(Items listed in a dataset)
^^^^
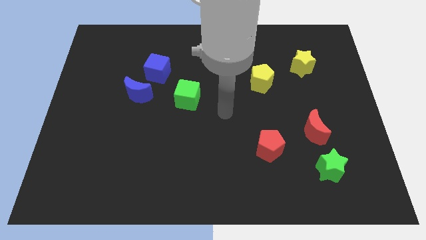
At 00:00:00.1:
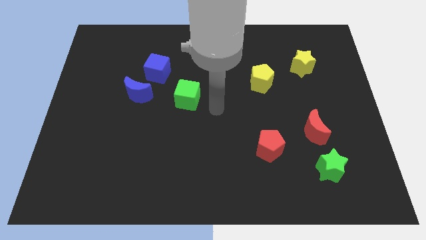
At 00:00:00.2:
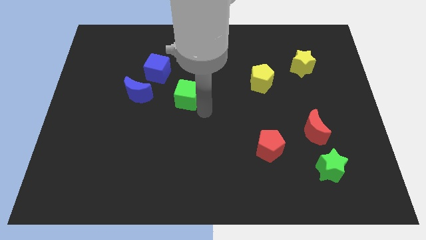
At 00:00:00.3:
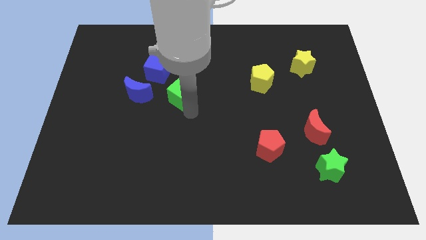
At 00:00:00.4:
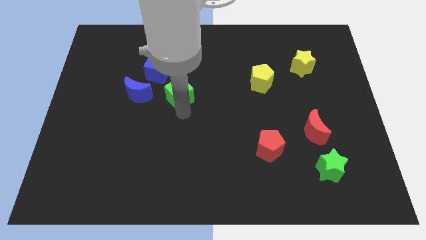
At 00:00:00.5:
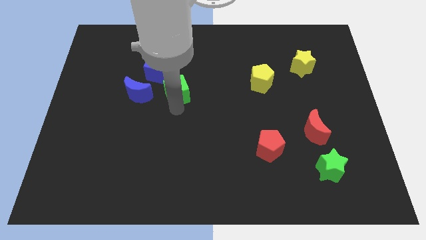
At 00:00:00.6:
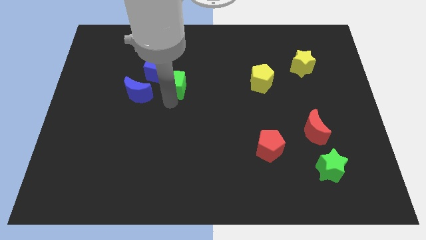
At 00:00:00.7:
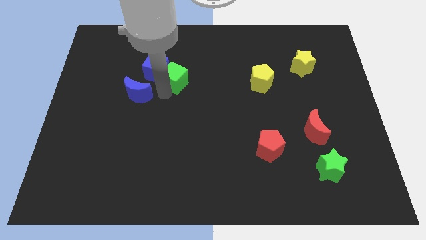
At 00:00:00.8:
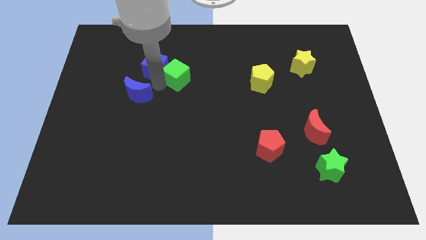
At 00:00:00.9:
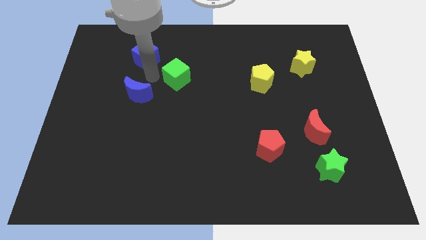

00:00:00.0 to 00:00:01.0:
move the blue moon away from the blue cube

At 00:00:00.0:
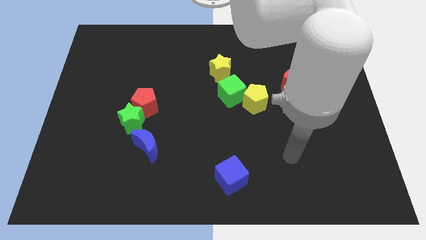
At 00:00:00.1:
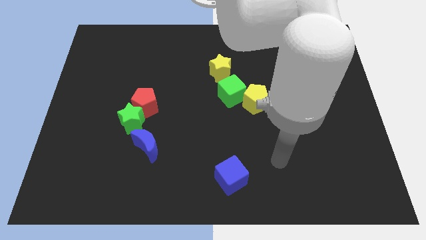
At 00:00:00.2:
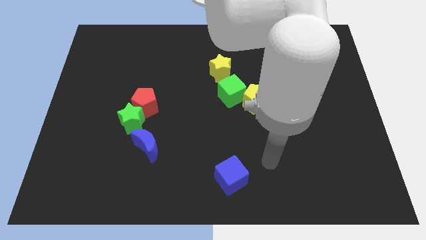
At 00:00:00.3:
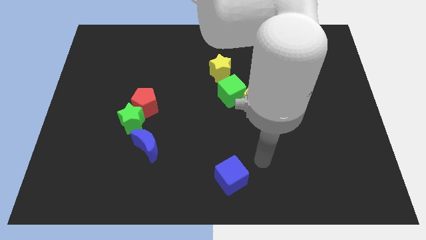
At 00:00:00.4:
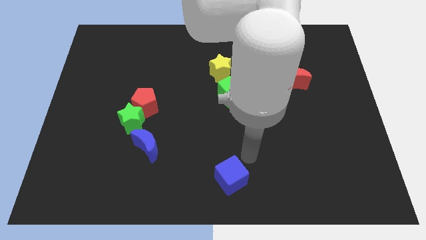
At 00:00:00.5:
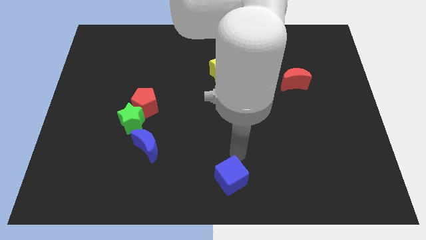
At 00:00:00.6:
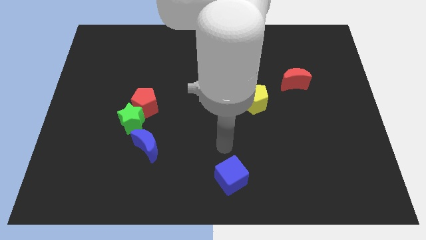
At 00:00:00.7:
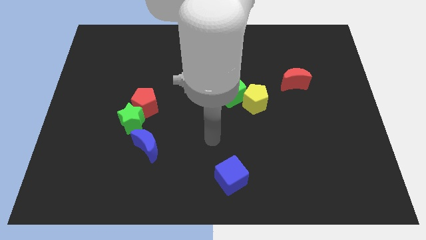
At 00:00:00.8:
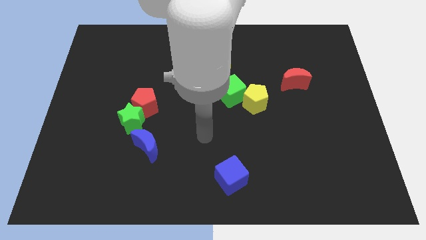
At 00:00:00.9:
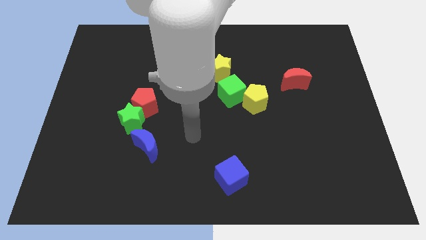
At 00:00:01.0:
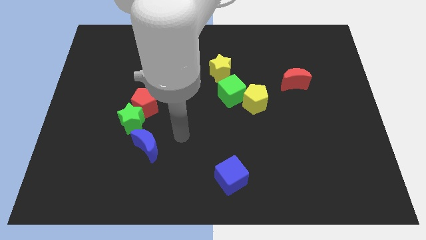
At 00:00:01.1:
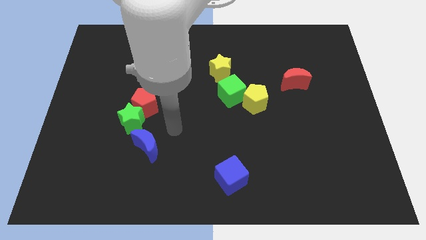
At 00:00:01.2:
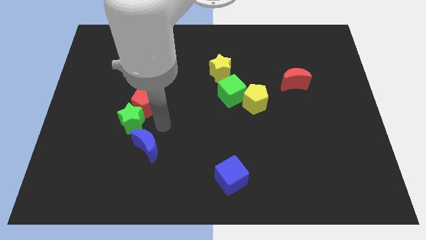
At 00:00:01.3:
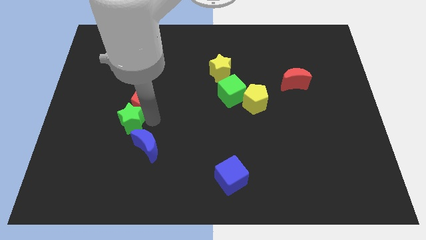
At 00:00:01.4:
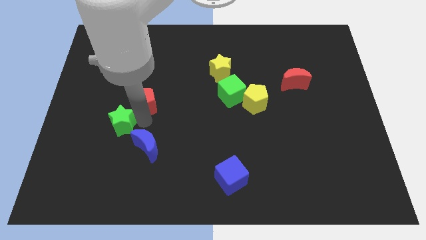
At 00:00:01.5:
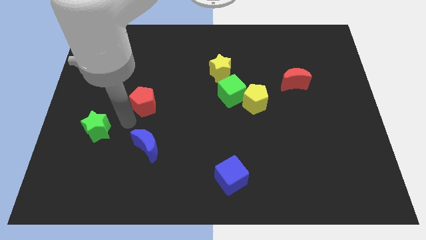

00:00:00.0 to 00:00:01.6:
move the red pentagon away from the green star

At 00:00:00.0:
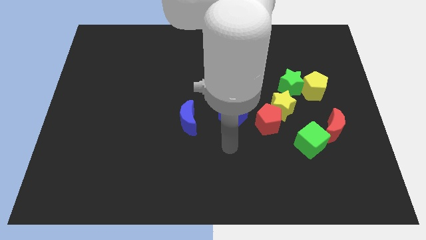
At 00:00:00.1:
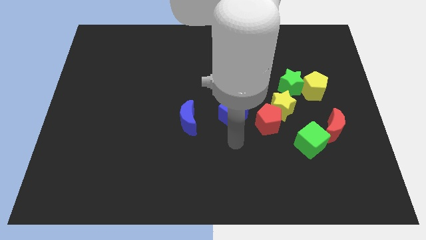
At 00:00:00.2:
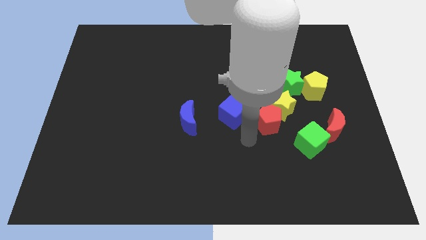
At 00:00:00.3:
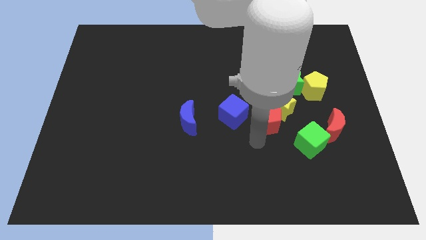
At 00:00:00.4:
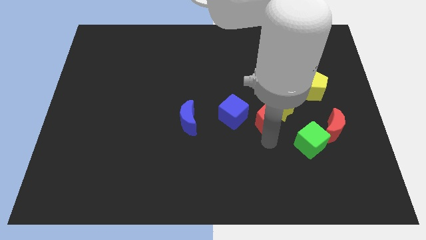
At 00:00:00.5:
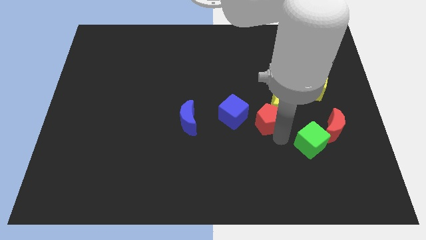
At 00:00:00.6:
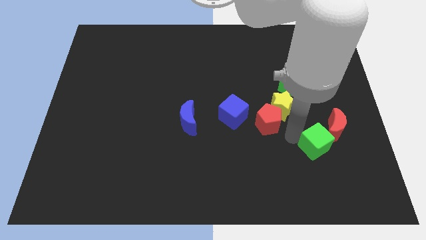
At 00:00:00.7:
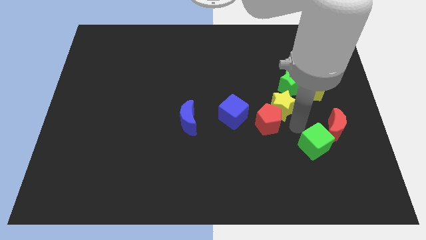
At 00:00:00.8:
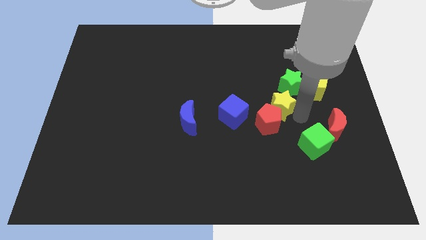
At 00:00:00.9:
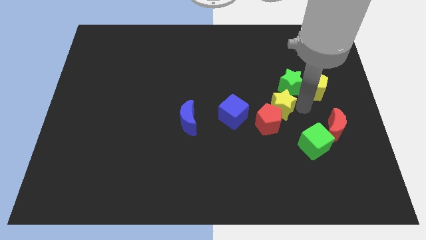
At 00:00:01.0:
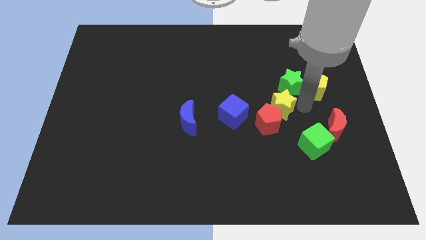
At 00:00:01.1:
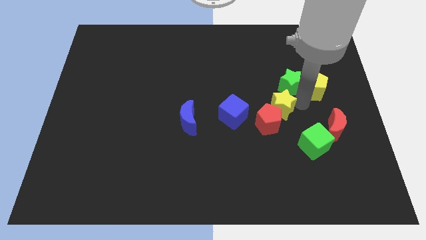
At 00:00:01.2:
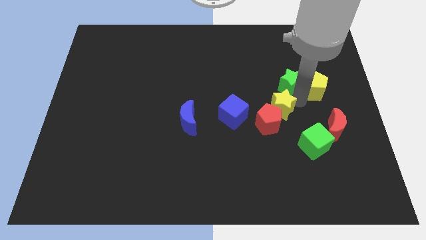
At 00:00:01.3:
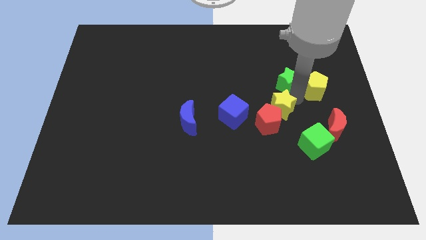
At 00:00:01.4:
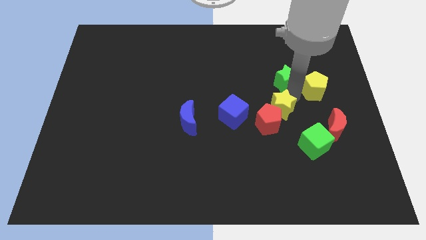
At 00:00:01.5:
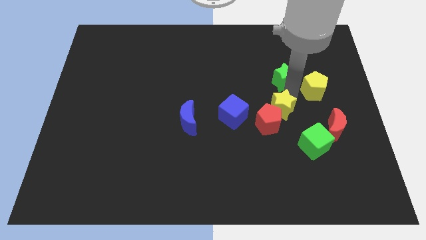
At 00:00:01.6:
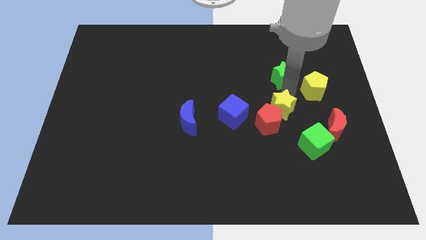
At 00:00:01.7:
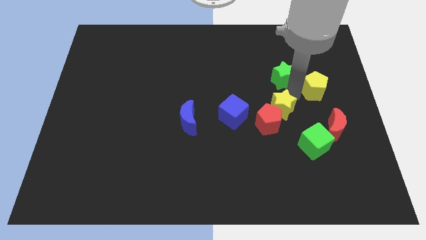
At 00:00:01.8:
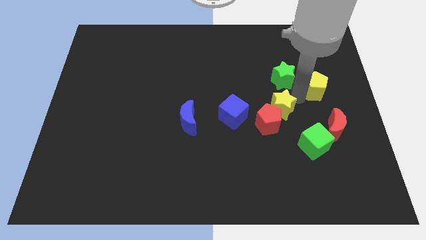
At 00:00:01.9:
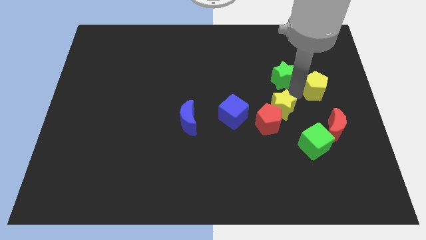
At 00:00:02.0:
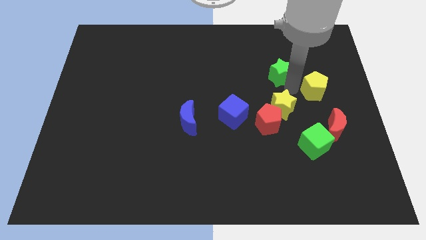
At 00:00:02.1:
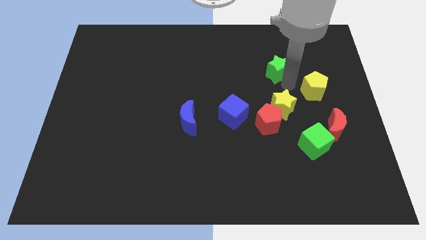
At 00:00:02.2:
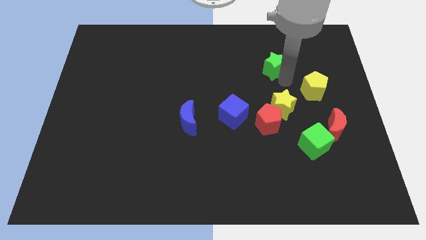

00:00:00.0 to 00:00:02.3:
separate the green star from the yellow pentagon and yellow star
^^^^
The job here is to retype the data exactly, with no pictures included.

ANSWER TO THIS EXERCISE
At 00:00:00.1:
At 00:00:00.2:
At 00:00:00.3:
At 00:00:00.4:
At 00:00:00.5:
At 00:00:00.6:
At 00:00:00.7:
At 00:00:00.8:
At 00:00:00.9:

00:00:00.0 to 00:00:01.0:
move the blue moon away from the blue cube

At 00:00:00.0:
At 00:00:00.1:
At 00:00:00.2:
At 00:00:00.3:
At 00:00:00.4:
At 00:00:00.5:
At 00:00:00.6:
At 00:00:00.7:
At 00:00:00.8:
At 00:00:00.9:
At 00:00:01.0:
At 00:00:01.1:
At 00:00:01.2:
At 00:00:01.3:
At 00:00:01.4:
At 00:00:01.5:

00:00:00.0 to 00:00:01.6:
move the red pentagon away from the green star

At 00:00:00.0:
At 00:00:00.1:
At 00:00:00.2:
At 00:00:00.3:
At 00:00:00.4:
At 00:00:00.5:
At 00:00:00.6:
At 00:00:00.7:
At 00:00:00.8:
At 00:00:00.9:
At 00:00:01.0:
At 00:00:01.1:
At 00:00:01.2:
At 00:00:01.3:
At 00:00:01.4:
At 00:00:01.5:
At 00:00:01.6:
At 00:00:01.7:
At 00:00:01.8:
At 00:00:01.9:
At 00:00:02.0:
At 00:00:02.1:
At 00:00:02.2:

00:00:00.0 to 00:00:02.3:
separate the green star from the yellow pentagon and yellow star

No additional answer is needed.